Please report security vulnerabilities privately. Do not open a public issue for a suspected vulnerability.

• Use GitHub's private vulnerability reporting ("Report a vulnerability" under the repository's Security tab), or
• Email the maintainers at the address listed on the project page.

Please include: a description of the issue, the affected component (API / web / MCP / worker runtime), reproduction steps or a proof of concept, and the impact you have in mind. We aim to acknowledge reports within a few days.

In scope: the API backend (apps/api), the web app (apps/web), the MCP server (apps/mcp), and the worker execution model. Of particular interest:

• Authentication / authorization bypass (token handling, workspace isolation, the cross-member stock-worker visibility rules).
• Sandbox escape or host access from worker code (workers are expected to run in isolated E2B sandboxes, never in the API process).
• Secret or credential disclosure (share-link signing, upload signing, secret storage, error messages that leak provider details).
• Server-side request forgery, injection, or zip/path traversal in the worker-bundle and workspace-import paths.

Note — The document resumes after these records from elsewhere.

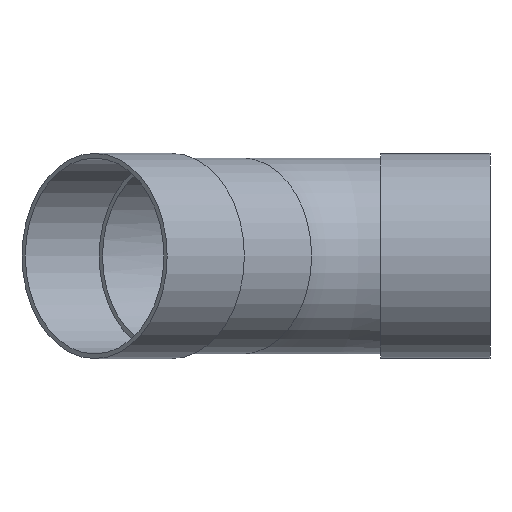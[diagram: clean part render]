
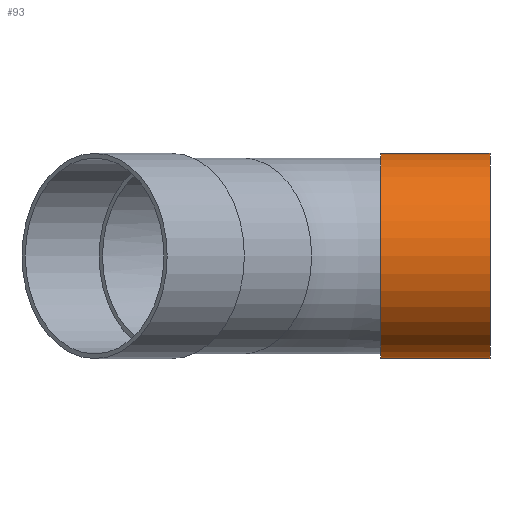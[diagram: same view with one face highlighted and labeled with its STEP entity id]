
A CAD part, left-side view. The second image highlights one B-rep face of the part: STEP entity #93.
In plain terms, the highlighted cylindrical face has radius 39.3 mm (diameter 78.6 mm), a full revolution.
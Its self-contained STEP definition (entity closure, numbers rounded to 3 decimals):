
#93 = ADVANCED_FACE( '', ( #191, #192 ), #193, .T. );
#191 = FACE_OUTER_BOUND( '', #295, .T. );
#192 = FACE_OUTER_BOUND( '', #296, .T. );
#193 = CYLINDRICAL_SURFACE( '', #297, 39.3 );
#295 = EDGE_LOOP( '', ( #415 ) );
#296 = EDGE_LOOP( '', ( #416 ) );
#297 = AXIS2_PLACEMENT_3D( '', #417, #418, #419 );
#415 = ORIENTED_EDGE( '', *, *, #516, .F. );
#416 = ORIENTED_EDGE( '', *, *, #533, .T. );
#417 = CARTESIAN_POINT( '', ( 0., 0., 0. ) );
#418 = DIRECTION( '', ( 0., 1., 0. ) );
#419 = DIRECTION( '', ( 0., 0., -1. ) );
#516 = EDGE_CURVE( '', #579, #579, #580, .T. );
#533 = EDGE_CURVE( '', #604, #604, #605, .T. );
#579 = VERTEX_POINT( '', #657 );
#580 = CIRCLE( '', #658, 39.3 );
#604 = VERTEX_POINT( '', #730 );
#605 = CIRCLE( '', #731, 39.3 );
#657 = CARTESIAN_POINT( '', ( 0., 0., -39.3 ) );
#658 = AXIS2_PLACEMENT_3D( '', #839, #840, #841 );
#730 = CARTESIAN_POINT( '', ( 0., 41.8, -39.3 ) );
#731 = AXIS2_PLACEMENT_3D( '', #863, #864, #865 );
#839 = CARTESIAN_POINT( '', ( 0., 0., 0. ) );
#840 = DIRECTION( '', ( 0., -1., 0. ) );
#841 = DIRECTION( '', ( 0., 0., -1. ) );
#863 = CARTESIAN_POINT( '', ( 0., 41.8, 0. ) );
#864 = DIRECTION( '', ( 0., -1., 0. ) );
#865 = DIRECTION( '', ( 0., 0., -1. ) );

Out of scope: issues that require a malicious operator who already has full admin of their own self-hosted instance, and findings in third-party dependencies (report those upstream, though we appreciate a heads-up).

Never commit real secrets. Configuration is provided via environment variables (see .env.example and apps/api/.env.example); .env files and the data/ runtime directory are git-ignored. If you believe a secret was committed, report it privately so it can be rotated and purged.